Now that we have our training mechanism in place, let’s create a method to train our network:
impl NeuralNetwork {
fn train(&mut self, inputs: &[Vec<f64>], targets: &[Vec<f64>], epochs: usize, learning_rate: f64) {
for epoch in 0..epochs {
let mut total_error = 0.0;
for (input, target) in inputs.iter().zip(targets.iter()) {
let prediction = self.forward(input);
total_error += mean_squared_error(&prediction, target);
self.backward(input, target, learning_rate);
}
println!("Epoch {}: Error = {}", epoch, total_error / inputs.len() as f64);
}
}
}
And there you have it! A fully functional neural network implemented from scratch in Rust. Of course, this is a basic implementation, and there’s a lot more we could add - different activation functions, regularization, optimization algorithms like Adam or RMSprop, and so on.
I’ve learned so much from this project. It’s one thing to use pre-built neural network libraries, but building one from scratch really deepens your understanding of how they work under the hood.
If you’re interested in machine learning and Rust, I highly recommend giving this a try. It’s challenging, but incredibly rewarding. And who knows? Maybe you’ll discover some optimizations or improvements along the way.

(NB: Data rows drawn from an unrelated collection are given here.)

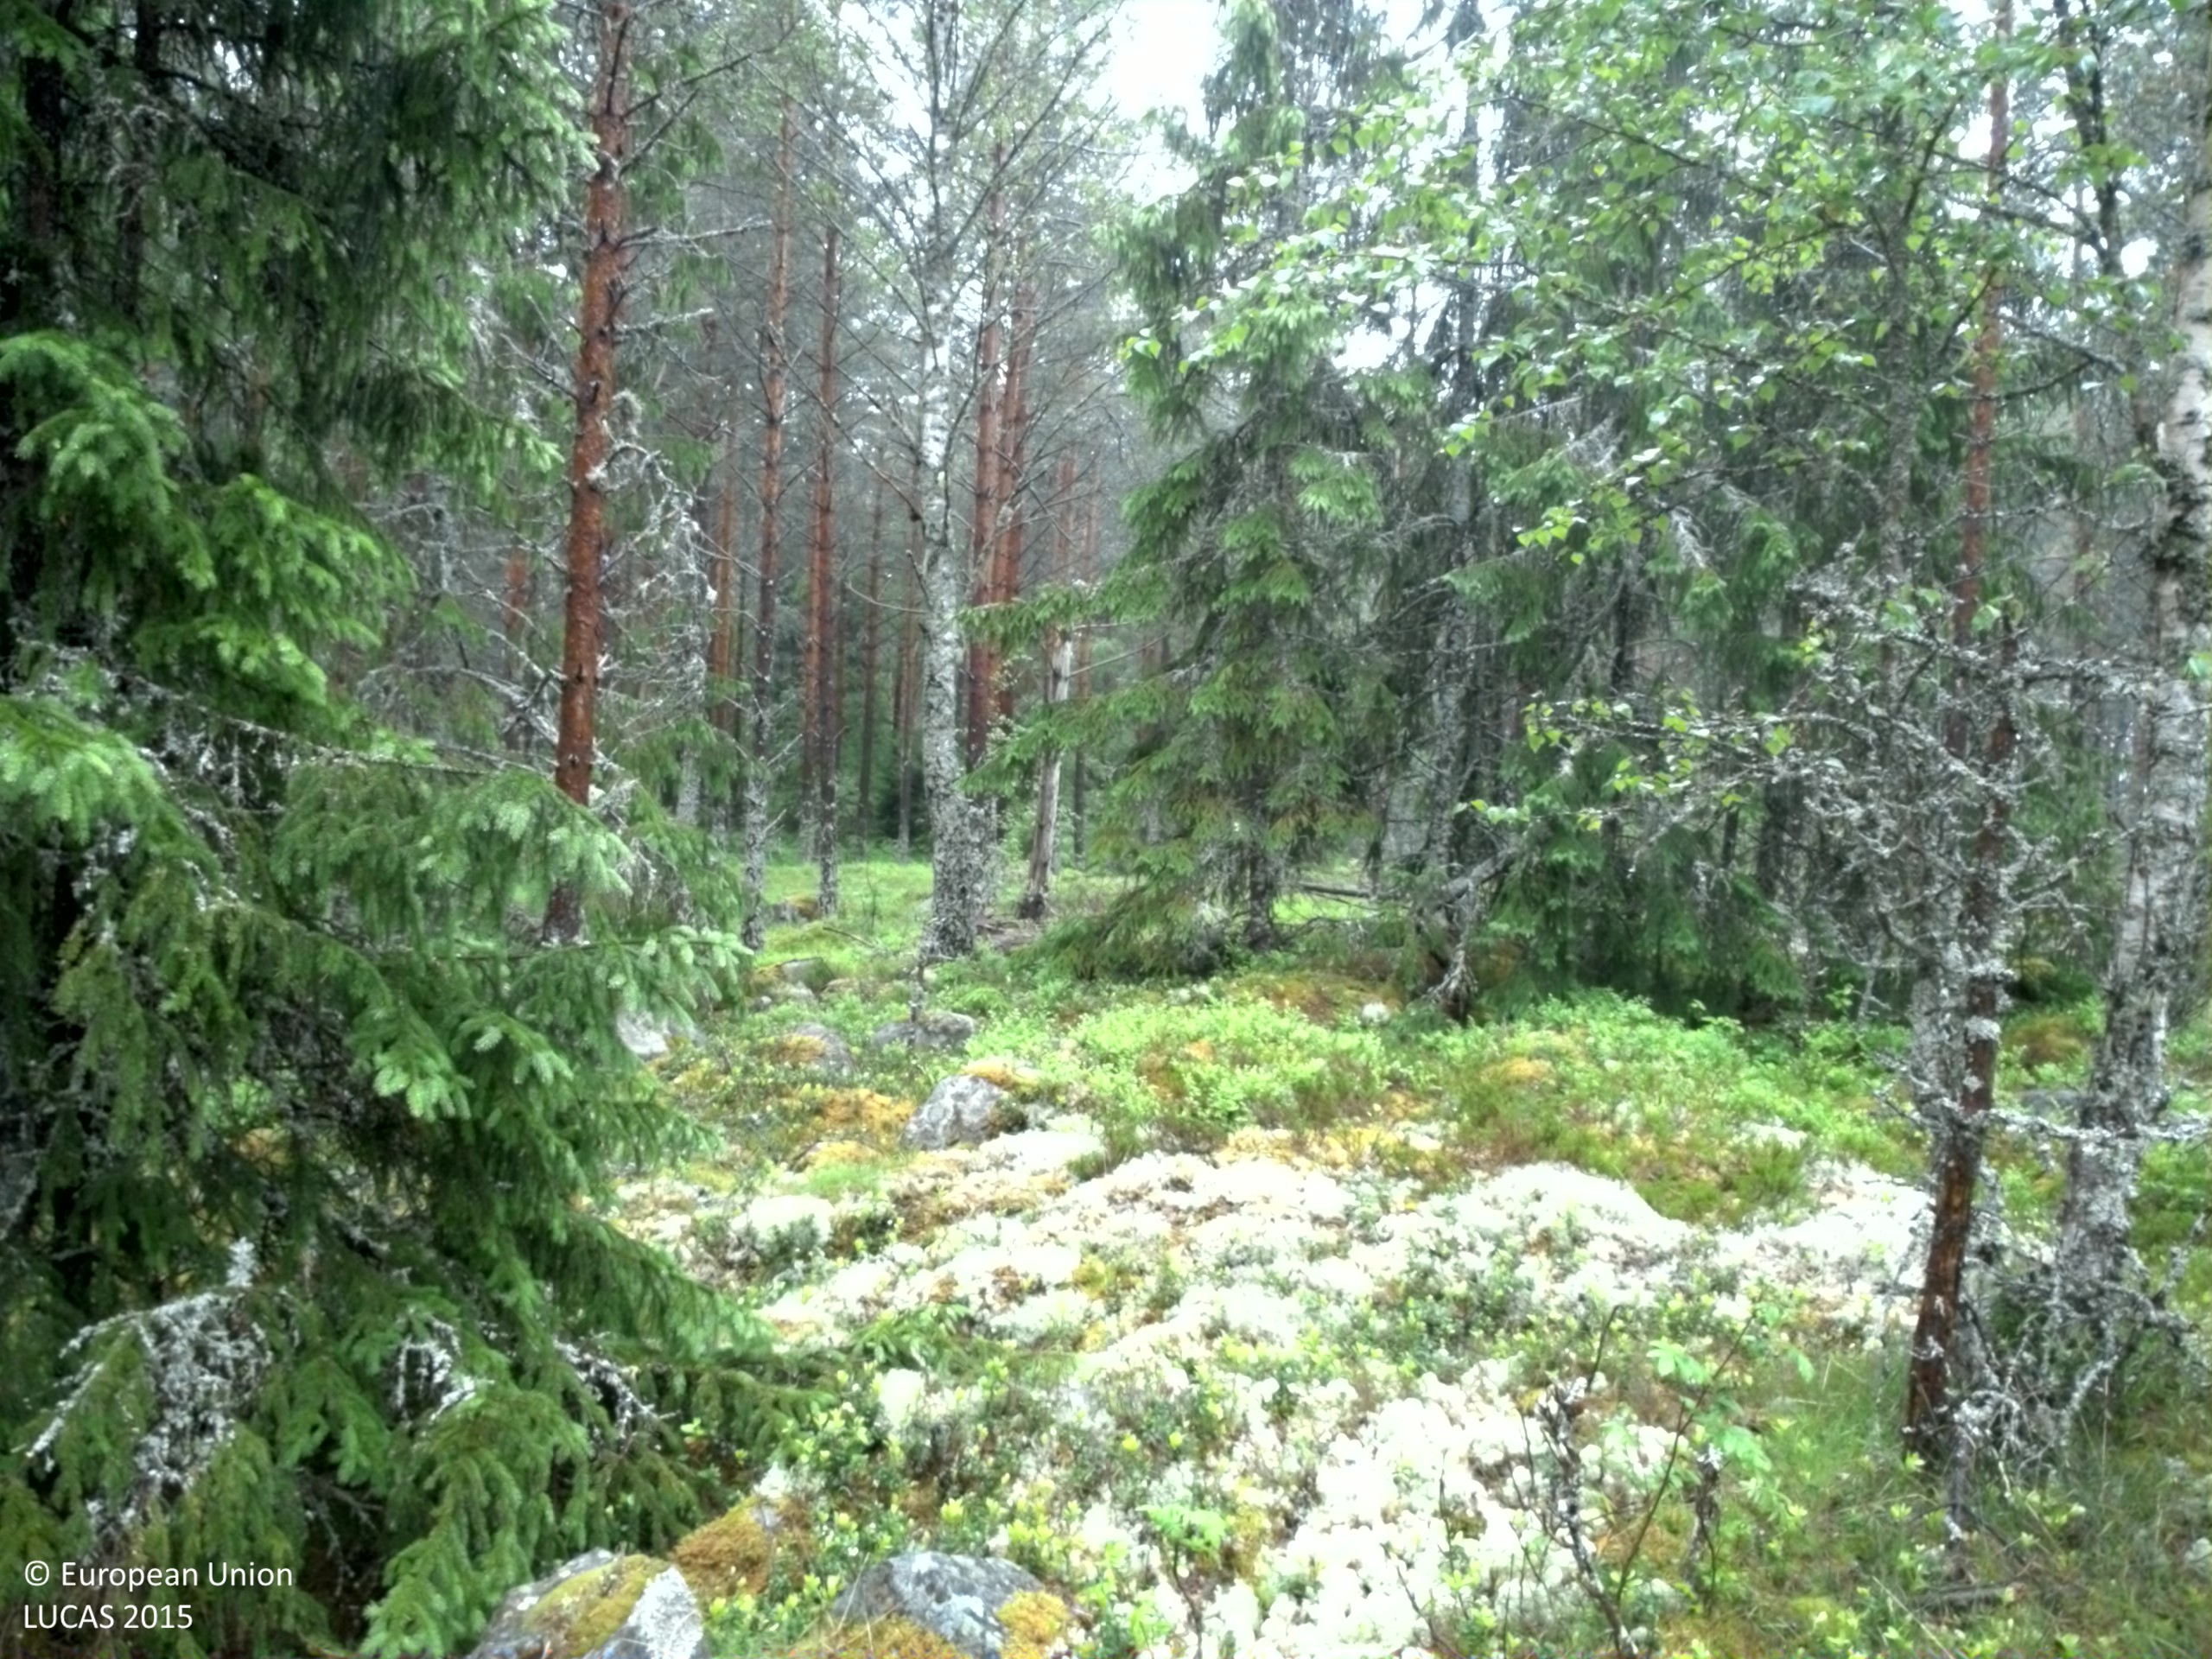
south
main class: Woodland
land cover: Pine dominated coniferous woodland
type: boreal forest
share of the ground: 50 - 75 %
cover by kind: coniferous forest trees 60 %, lichens and mosses 20 %, broadleaved forest trees 5 %, shrubs 5 %, herbaceous plants 5 %, consolidated bare surface 5 %
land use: Forestry
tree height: > 5 m
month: June
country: SE
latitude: 60.3643
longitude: 18.0978

Remember, the key to mastering complex topics like neural networks is to break them down into smaller, manageable pieces. Start with a single neuron, then a layer, and build up from there. Before you know it, you’ll have a full network capable of learning and making predictions.
So, what’s next? Well, I’m thinking of expanding this project to include convolutional layers for image processing tasks. Or maybe I’ll dive into recurrent neural networks for sequence data. The possibilities are endless!
I hope this journey through building a neural network in Rust has been as exciting for you as it has been for me. Happy coding, and may your gradients always descend smoothly!